> [Task statement] The records should be repeated word for word, pictures excluded.

* * * * * * * * *

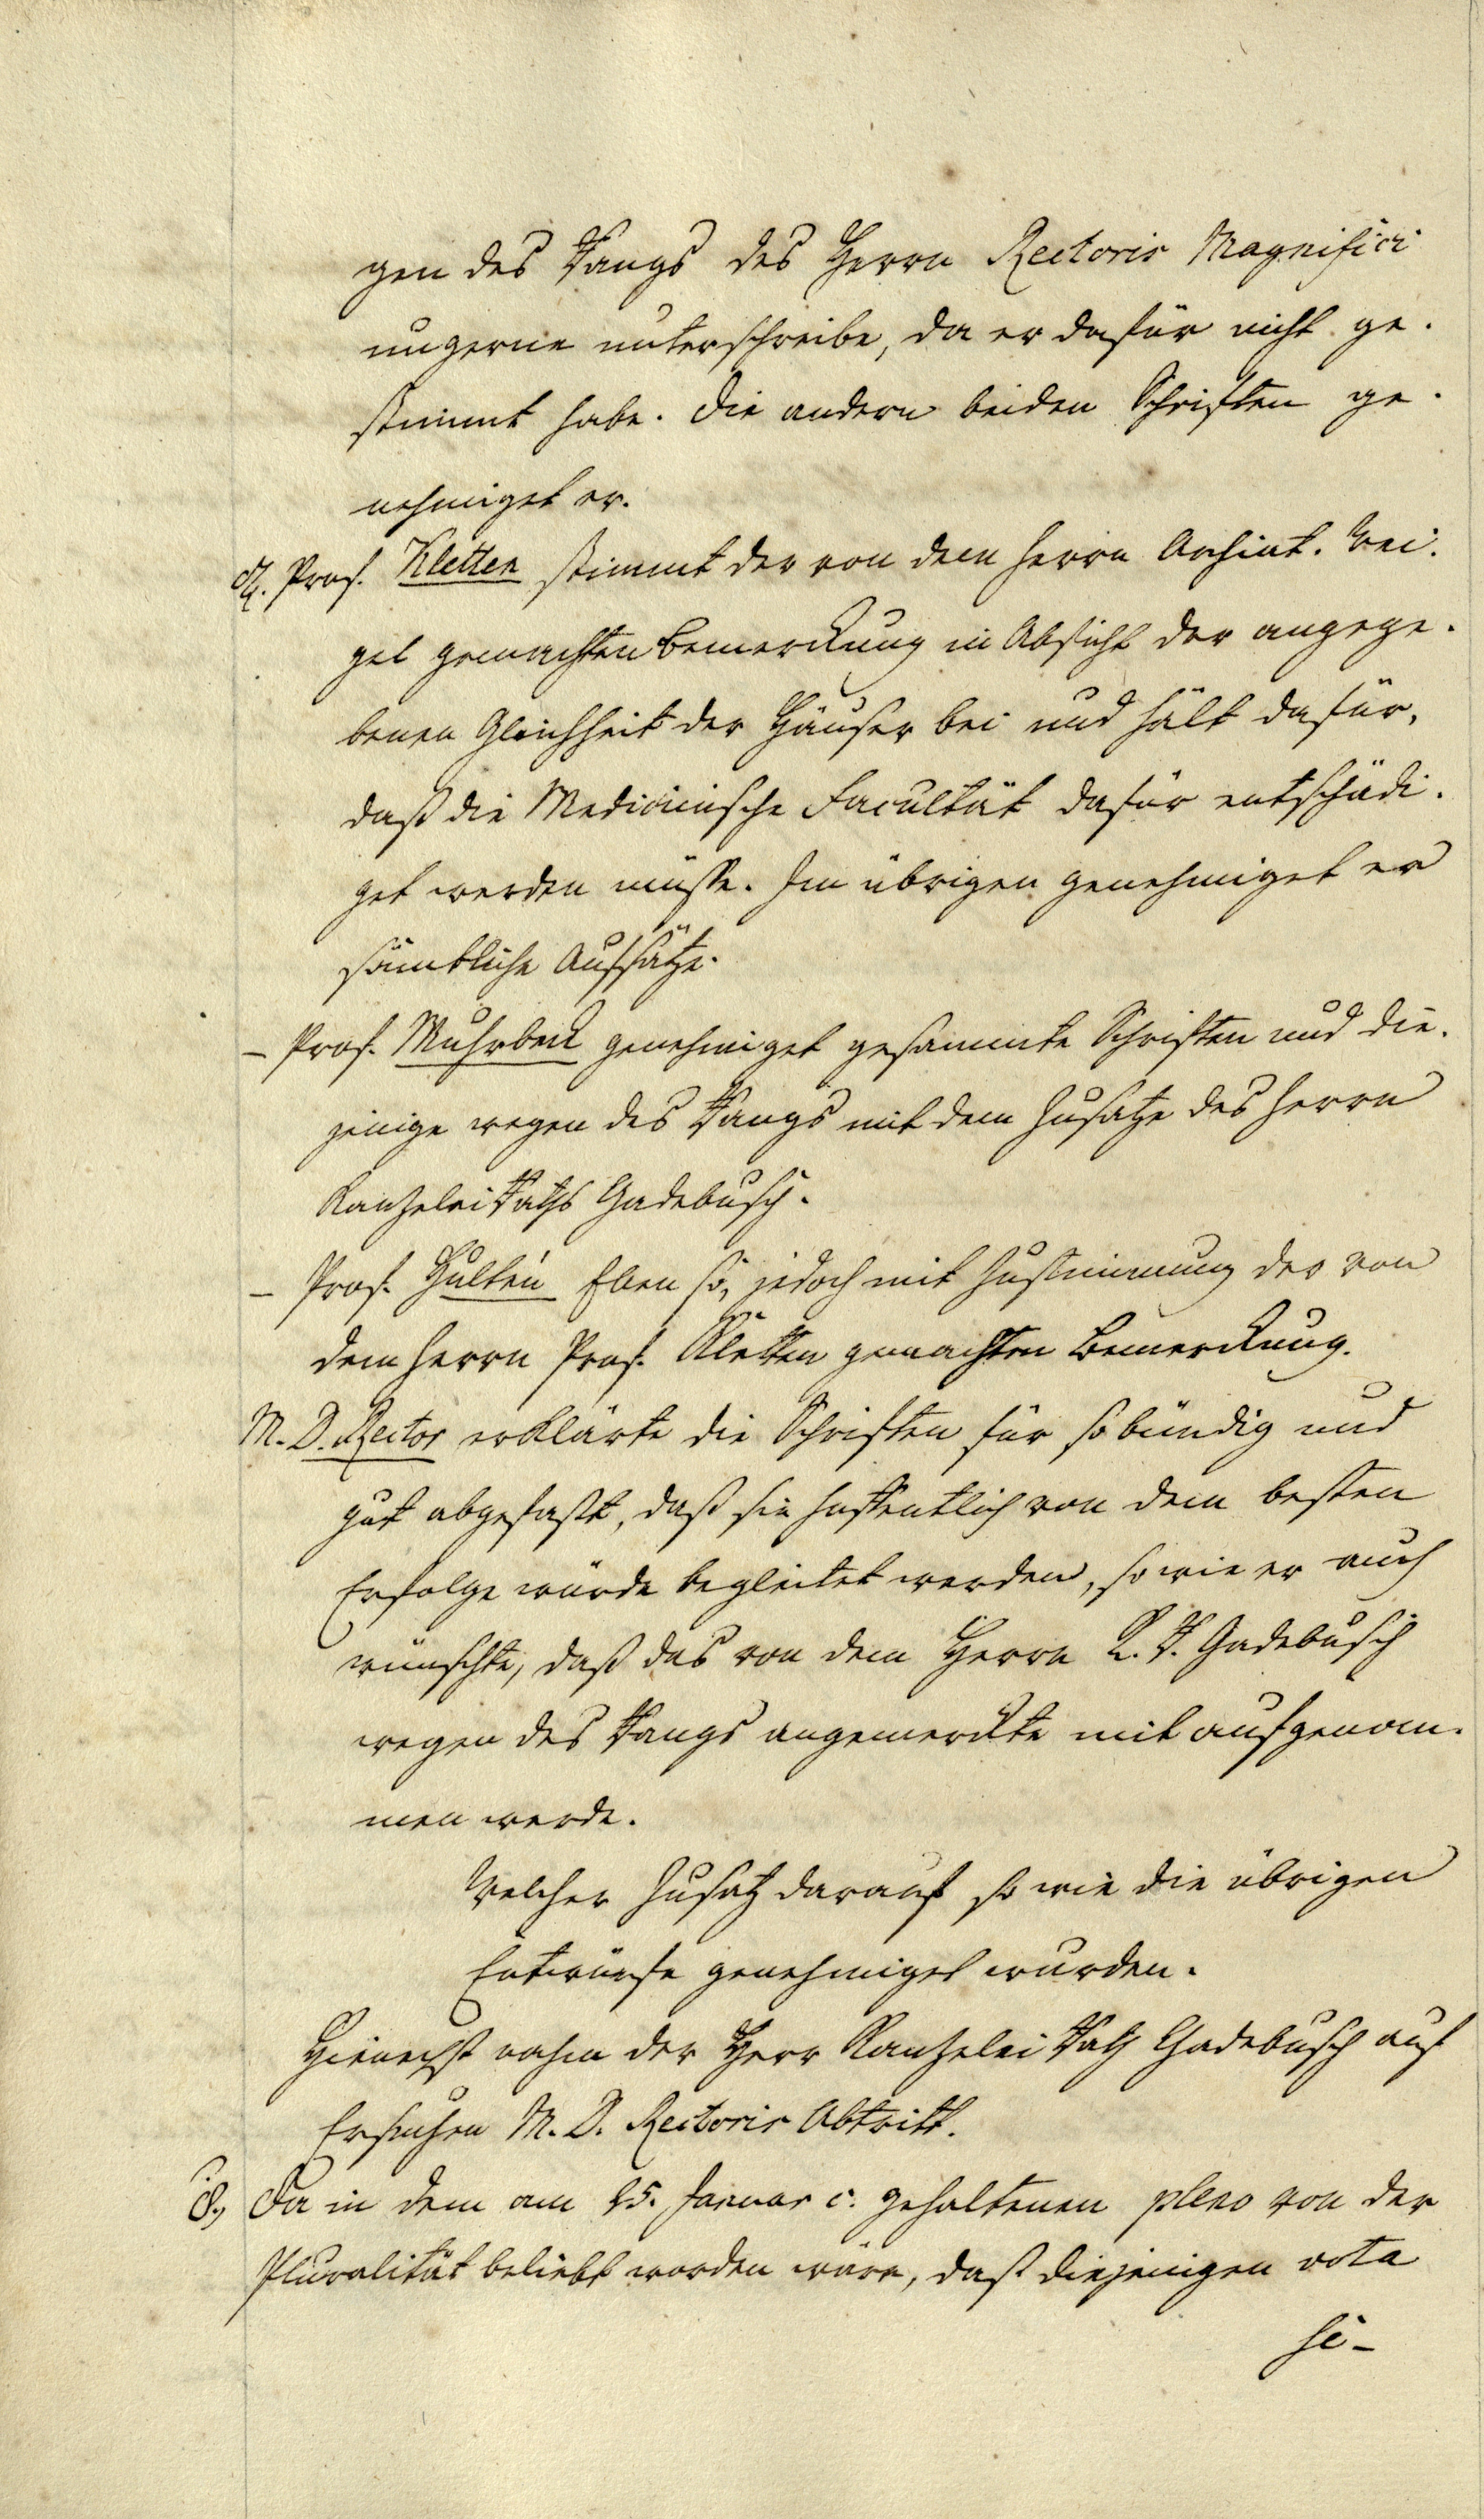gen des Rangs des Herrn Rectoris Magnifici
ungerne unterschreibe, da er dafür nicht ge¬
stimmt habe. Die andern beiden Schriften ge¬
nehmiget er.
dh. Prof. Kletten stimmt der von dem Herrn Archiat. Wei¬
gel gemachten Bemerckung in Absicht der angege¬
benen Gleichheit der Häuser bei und hält dafür,
daß die Medicinische Facultät dafür entschädi¬
get werden müsse. Im übrigen genehmiget er
sämtliche Aufsätze.
Prof. Muhrbeck genehmiget gesammte Schriften und die¬
jenige wegen des Rangs mit dem Zusatze des Herrn
Kanzelei Raths Gadebusch.
Prof. Hultén Eben so, jedoch mit Zustimmung der von
dem Herrn Prof. Kletten gemachten Bemerckung.
M. D Rector erklärte die Schriften für so bündig und
gut abgefaßt, daß sie hoffentlich von dem besten
Erfolge würde begleitet werden, so wie er auch
wünschte, daß das von dem Herrn K. R. Gadebusch
wegen des Rangs angemerckte mit aufgenom¬
men werde.
Welcher Zusatz darauf so wie die übrigen
Entwürfe genehmiget wurden.
Hienechst nahm der Herr Kanzelei Rath Gadebusch auf
Ersuchen M. D. Rectoris Abtritt.
8., Da in dem am 25. Januar c. gehaltenen pleno von der
Pluralität beliebt worden wäre, daß diejenigen vota
se¬

* * * * * * * * *

> [Expected output]
gen des Rangs des Herrn Rectoris Magnifici
ungerne unterschreibe, da er dafür nicht ge¬
stimmt habe. Die andern beiden Schriften ge¬
nehmiget er.
dh. Prof. Kletten stimmt der von dem Herrn Archiat. Wei¬
gel gemachten Bemerckung in Absicht der angege¬
benen Gleichheit der Häuser bei und hält dafür,
daß die Medicinische Facultät dafür entschädi¬
get werden müsse. Im übrigen genehmiget er
sämtliche Aufsätze.
Prof. Muhrbeck genehmiget gesammte Schriften und die¬
jenige wegen des Rangs mit dem Zusatze des Herrn
Kanzelei Raths Gadebusch.
Prof. Hultén Eben so, jedoch mit Zustimmung der von
dem Herrn Prof. Kletten gemachten Bemerckung.
M. D Rector erklärte die Schriften für so bündig und
gut abgefaßt, daß sie hoffentlich von dem besten
Erfolge würde begleitet werden, so wie er auch
wünschte, daß das von dem Herrn K. R. Gadebusch
wegen des Rangs angemerckte mit aufgenom¬
men werde.
Welcher Zusatz darauf so wie die übrigen
Entwürfe genehmiget wurden.
Hienechst nahm der Herr Kanzelei Rath Gadebusch auf
Ersuchen M. D. Rectoris Abtritt.
8., Da in dem am 25. Januar c. gehaltenen pleno von der
Pluralität beliebt worden wäre, daß diejenigen vota
se¬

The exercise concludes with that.